Gleich in der Nähe des Kepler Tracks liegt der bekannte Milford Track, den jährlich mehr als 10.000 Wanderer gehen. 2012 war ich einer davon.
wir vier am Anfang des Tracks
Lake Te Anau
Nach dem anstregenden Kepler Track war ich mir nicht sicher ob ich mit nur einem Tag Pause wirklich gleich einen anderen Track anfangen möchte. Da das Wetter aber für die nächsten Tage einigermaßen gut gemeldet war und ich nicht mehr alzu viel Zeit hatte bevor ich wieder nördlich fahren wollte hab ich mich entschieden mit Simon und Corey (die zwei Jungs vom Kepler Track) und Mathieu aus Frankreich (auch vom Kepler Track) den 4 tägigen Milford Track zu gehen.Da man den Anfang des Tracks nur mit einem Boot erreichen kann sind wir früh von einem Shuttel abgeholt und zum Boot gebracht worden, dass uns über den Lake Te Anau zum Track gebracht hat. Da die Hauptsaison vorbei war und nicht ganz so viele Wanderer mehr unterwegs sind wie gewöhnlich, waren wir vier die einzigen auf dem Boot. Der erste Tag war zu unserer Freude ein sehr kurzer. Nach nur 2 Stunden kamen wir schon an der Hütte an und haben uns den restlichen Tag mit lesen und anderen Dingen bei strahlendem Sonnenschein vertrieben. Das einzige Problem war, dass trotz Mückenschutzmittel einen gefühlte 100 Sandflys umschwirrt haben, die winzig kleine Stiche hinter lassen, die wie die Hölle jucken können.
Blick vom Anfang des Tracks auf den Lake Te Anau

der glasklare Clinton River

Einblick in unseren Weg
Am zweiten Tag stand dann eine etwas längere Etappe auf dem Plan vom Clinton Hut gings mit teilweiße Flussüberquerungen vorbei an kleinen Seen und Wasserfällen, durch langgezogene Täler und dicht zugewachsene Wälder zum Mintaro Hut.

am frühen Morgen

Clinton Valley

ein anderer Teil unseres Weges

Am dritten Tag unserer Wanderung, der einzige Tag an dem es über einen Pass ging, hat es die ganzen Nacht geregnet. Als wir am Morgen aufgewacht sind, hat man in alle Richtungen an den steilen Bergwänden Wasserfälle runter schießen sehen. Da der Regen leider nicht weniger geworden ist haben wir vom 1154m hohen Pass aus leider nur Wolken gesehn. Der Regen hatte aber auch seine guten Seiten, den vom Pass wieder runter ging es durch dichten Bush der nur so von wunderschönen Wasserfällen durchfluttet war, die bei trockenem Wetter wesentlich kleiner oder sogar gar nicht da gewesen wären. Viele der Wasserfälle mussten wir überqueren und so hatte man manchmal das Gefühl nicht auf einem Wanderweg zu laufen sondern dirket in einem Fluss. Ziehmlich am Ende des Tages sind wir dann bei den Sutherland Falls vorbei gekommen, die mit 580m die höchsten in ganz Neuseeland sind und auch gerade aufgrund des Regens noch eindrcuksvoller und schöner waren.
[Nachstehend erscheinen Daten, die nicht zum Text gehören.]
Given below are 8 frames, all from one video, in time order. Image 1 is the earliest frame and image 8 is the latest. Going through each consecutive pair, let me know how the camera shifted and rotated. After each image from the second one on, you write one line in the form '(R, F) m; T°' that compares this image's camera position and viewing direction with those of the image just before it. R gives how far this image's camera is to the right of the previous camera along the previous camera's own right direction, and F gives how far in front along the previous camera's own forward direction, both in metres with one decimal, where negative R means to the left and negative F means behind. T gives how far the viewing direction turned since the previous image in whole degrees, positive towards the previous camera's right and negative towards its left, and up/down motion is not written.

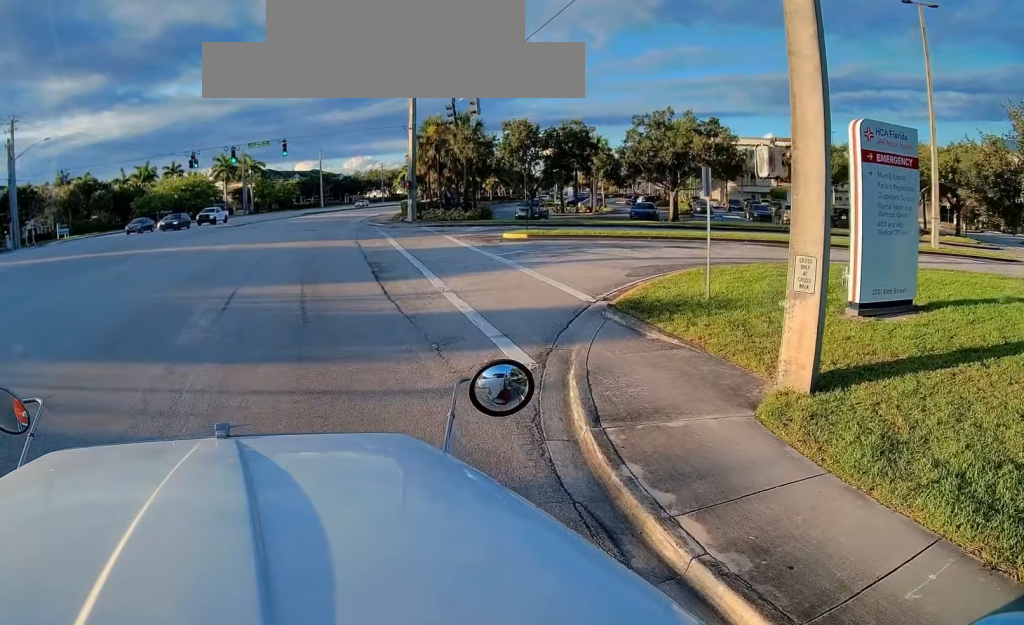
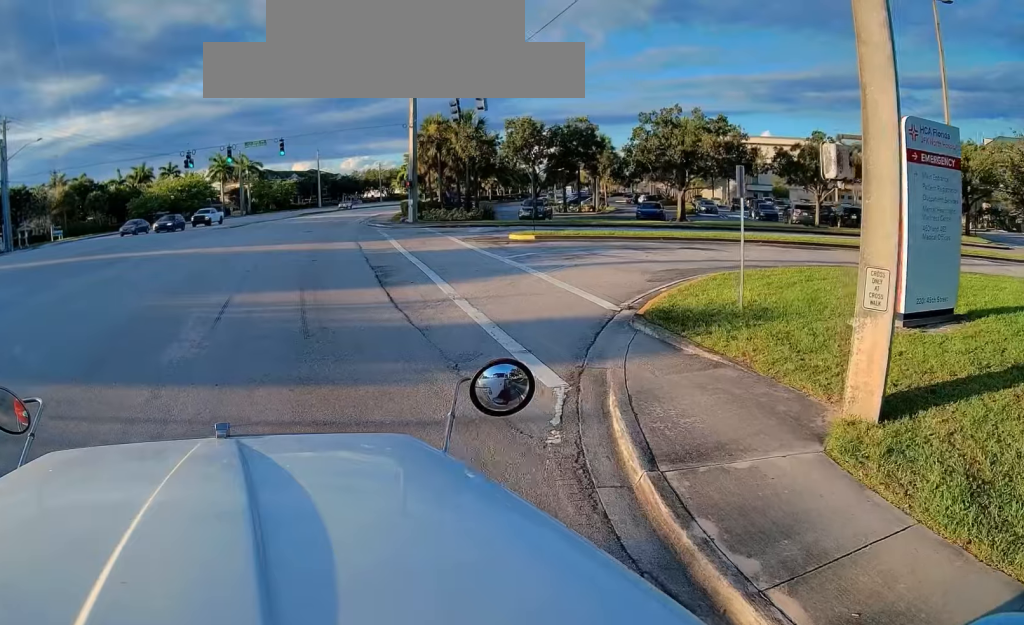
(+0.1, +0.8) m; +1°
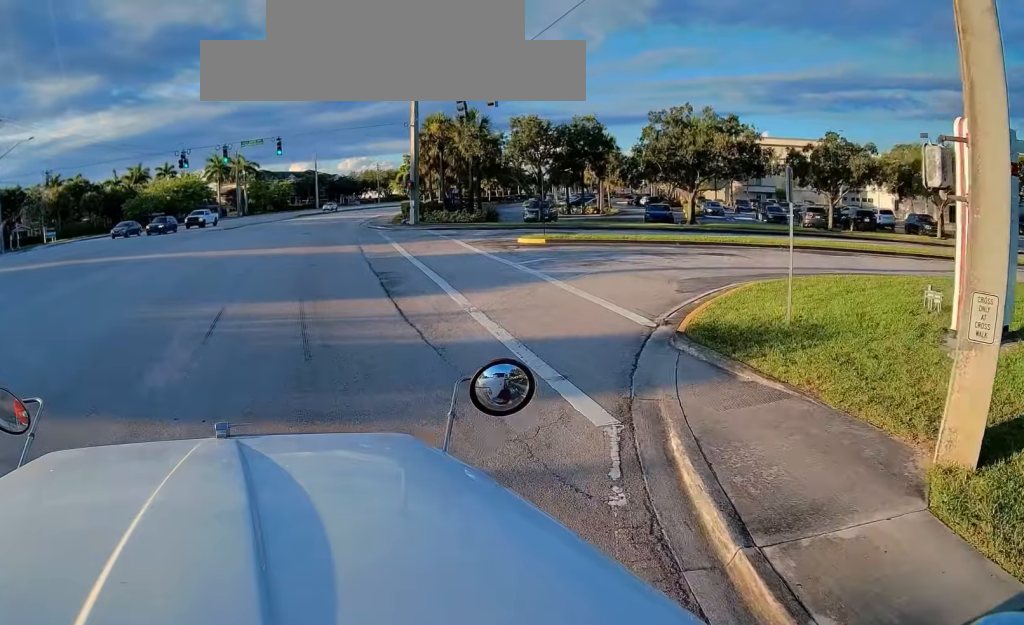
(0.0, +1.0) m; +2°
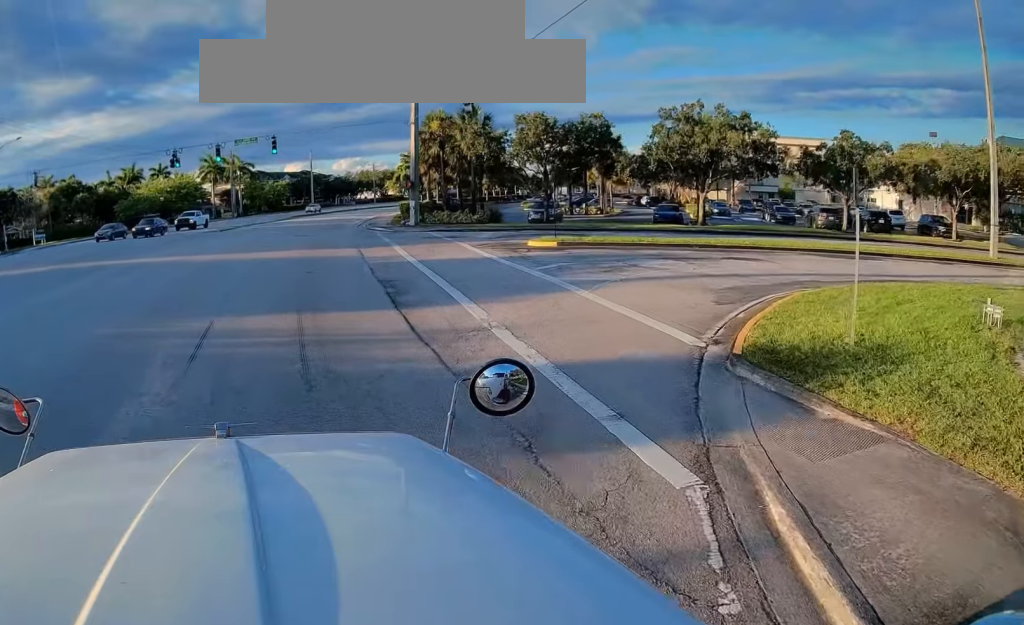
(0.0, +1.7) m; 0°
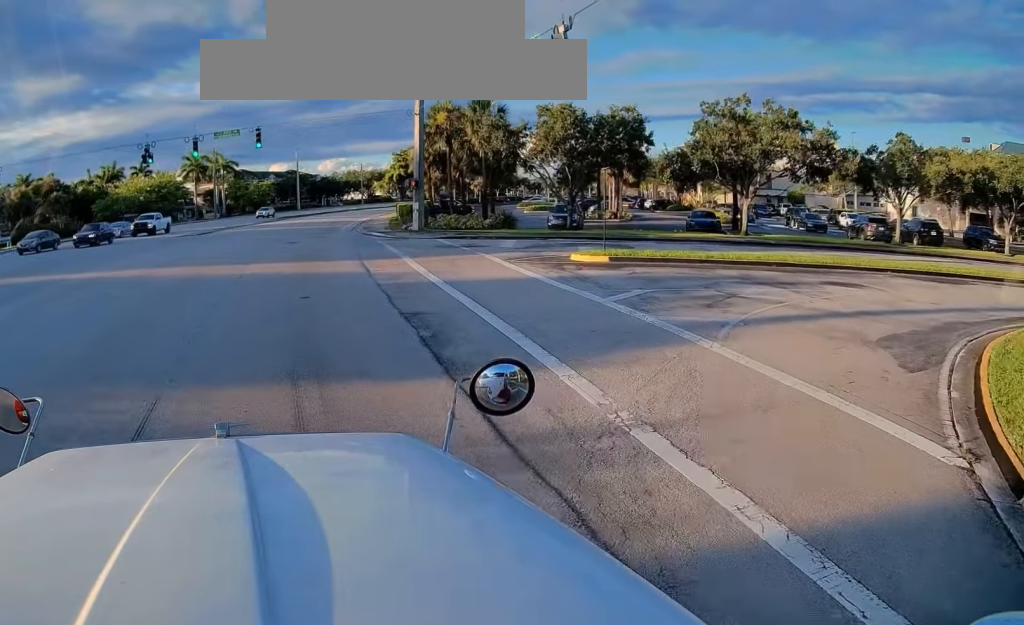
(0.0, +5.1) m; -1°
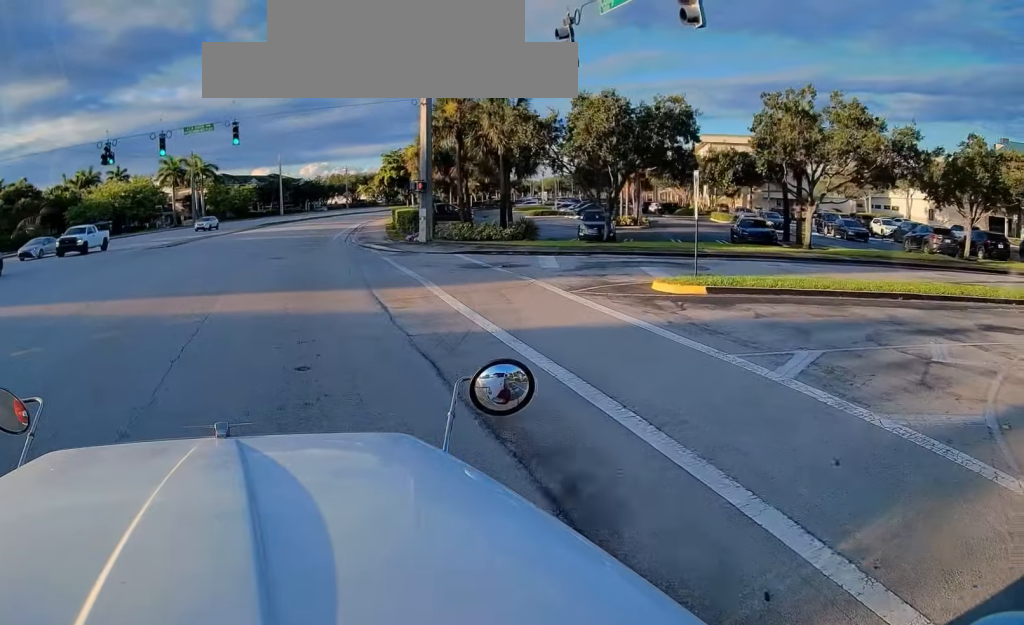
(+0.1, +6.4) m; +3°
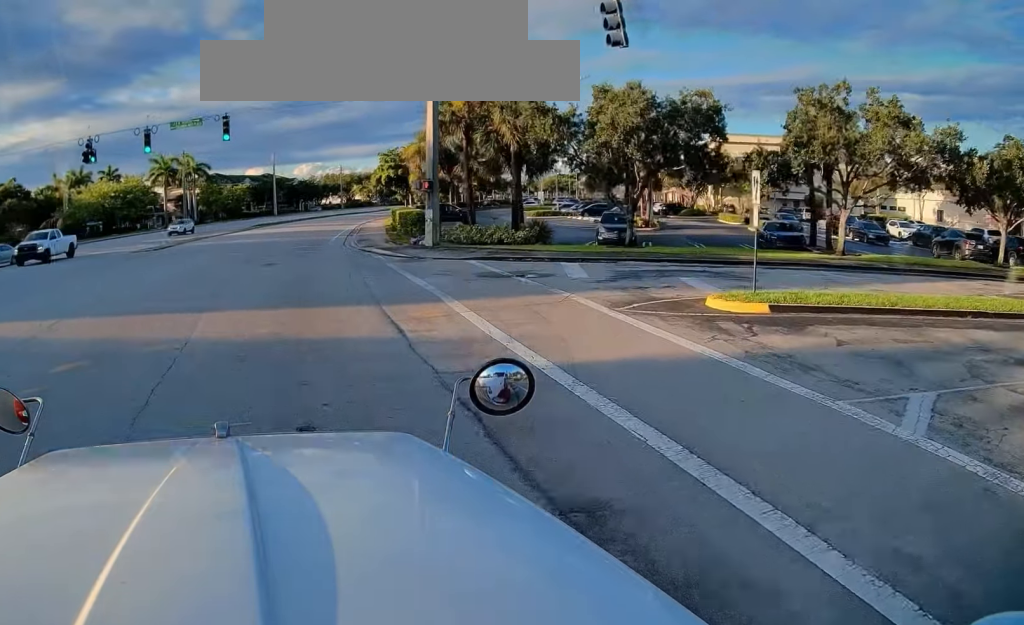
(0.0, +2.5) m; +1°
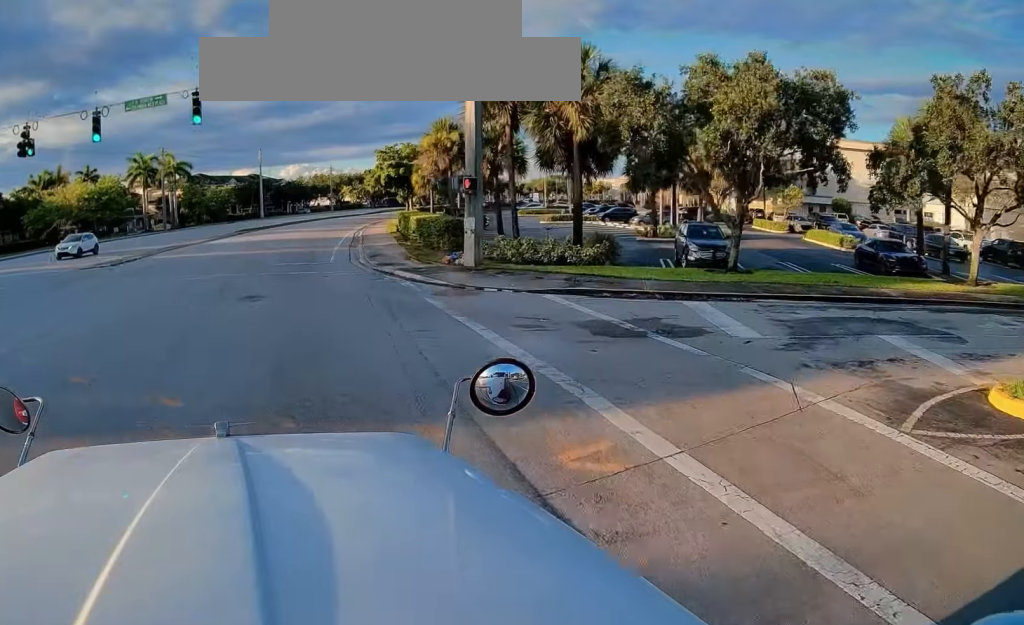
(0.0, +7.8) m; 0°

einer der vielen Wasserfälle die wir überqueren mussten

das letzte drittel der Sutherland Falls mit mir davor

wir vier HINTER dem Wasserfall - die Gischt und der Regen haben das fotografieren etwas erschwert
Da das Boot, dass uns vom Ende des Tracks zum Milford Sound Hafen gebracht hat, wo ein Shuttel auf uns wartet das uns wieder zurück nach Te Anau gebracht hat, schon um 14 Uhr ging, mussten wir ziehmlich früh aufbrechen. Der letzte Tag war wieder um einiges einfacherer und trockener als der letzte. Dennoch mussten wir die letzten Kiolometer alle feststellen, dass wir froh wären wenn das Ende des Tracks um die nächste Kurve liegt. Nach ca. 5 Stunden abermals vorbei an einigen Wasserfällen sind wir dann endlich am Sandfly Point angekommen, der nicht zu unrecht so heißt. Glücklicherweiße waren wir den Sandflys dort nicht lange ausgesetzt, da das Boot schon auf uns gewartet hat und nach ein paar letzten Fotos gings dann auch wieder zurück in die Zivilisation.
Und seht er wo der See beginnt und wo das Ufer?

Geschafft!

Auch wenn der Milford Track einer der weltweit schönsten Tracks sein soll, muss ich sagen das der Kepler Track doch meiner Meinung nach schöner war, was wohl hauptsächlich an den traumhaften Wetterbedingungen lag, die wir hatten.





Sonntag, 29. Juli 2012

Kepler Track


Nachdem ich in Te Anau, der beste Ort um jegliche Ausflüge in die Fjordlands zu machen, angekommen bin, hab ich mich kurzer Hand dazu entschieden, den Kepler Track, der einer der Great Walks in NZ ist, schon am nächsten Tag anzufangen, da das Wetter für die nächsten vier Tage, sehr gut gemeldet war und dann wieder schlechter werden sollte. Da ich alleine los gegangen bin und es durch alpines Gelände ging, in dem jede Menge Schnee lag hab ich mir einen Locator Beacon ausgeliehen, der wie ein GPS Gerät funktioniert, sodass wenn mir etwas passiert ich nur einen Knopf drücken muss wodurch ein GPS Signal zur Bergrettung gesendet wird und ich gerettet werden kann.
Keine Angst er ist nicht zum Einsatz gekommen.
 
Am Lake Te Anau,
der Anfang des Weges.
 
Der erste Tag der Wanderung war relativ kurz es ging ca. 3-4 Stunden bergauf bis zur ersten Hütte, die schon über den Baumgrenze lag und ziemlich eingeschneit war. Auf der Hütte war reger Betrieb, weil nicht nur die Wanderer die erst angefangen hatten da waren, sondern auch einige andere, die schon seit 1-2 Tagen auf gutes Wetter warteten um den alpinen Teil der Tour zu überqueren. Da wir noch einiges an Zeit hatten bevor es dunkel wurde bin ich mit Simon, aus Frankreich und Corey, aus den USA, in die nahegelegene Tropfsteinhöhle gelaufen und dort ein bisschen rum geklettert. Zurück in der Hütte gab es nur noch Essen und ein paar Runden UNO mit noch vier anderen Franzosen, bevor es in den kuscheligen Schlafsack im eiskalten Schlafsall ging.
die erste Hütte
die Aussicht von der Hütte auf einen kleinen Teil des rießigen Lakes Te Anau

Als ich zu diesem Blick aufgestanden bin...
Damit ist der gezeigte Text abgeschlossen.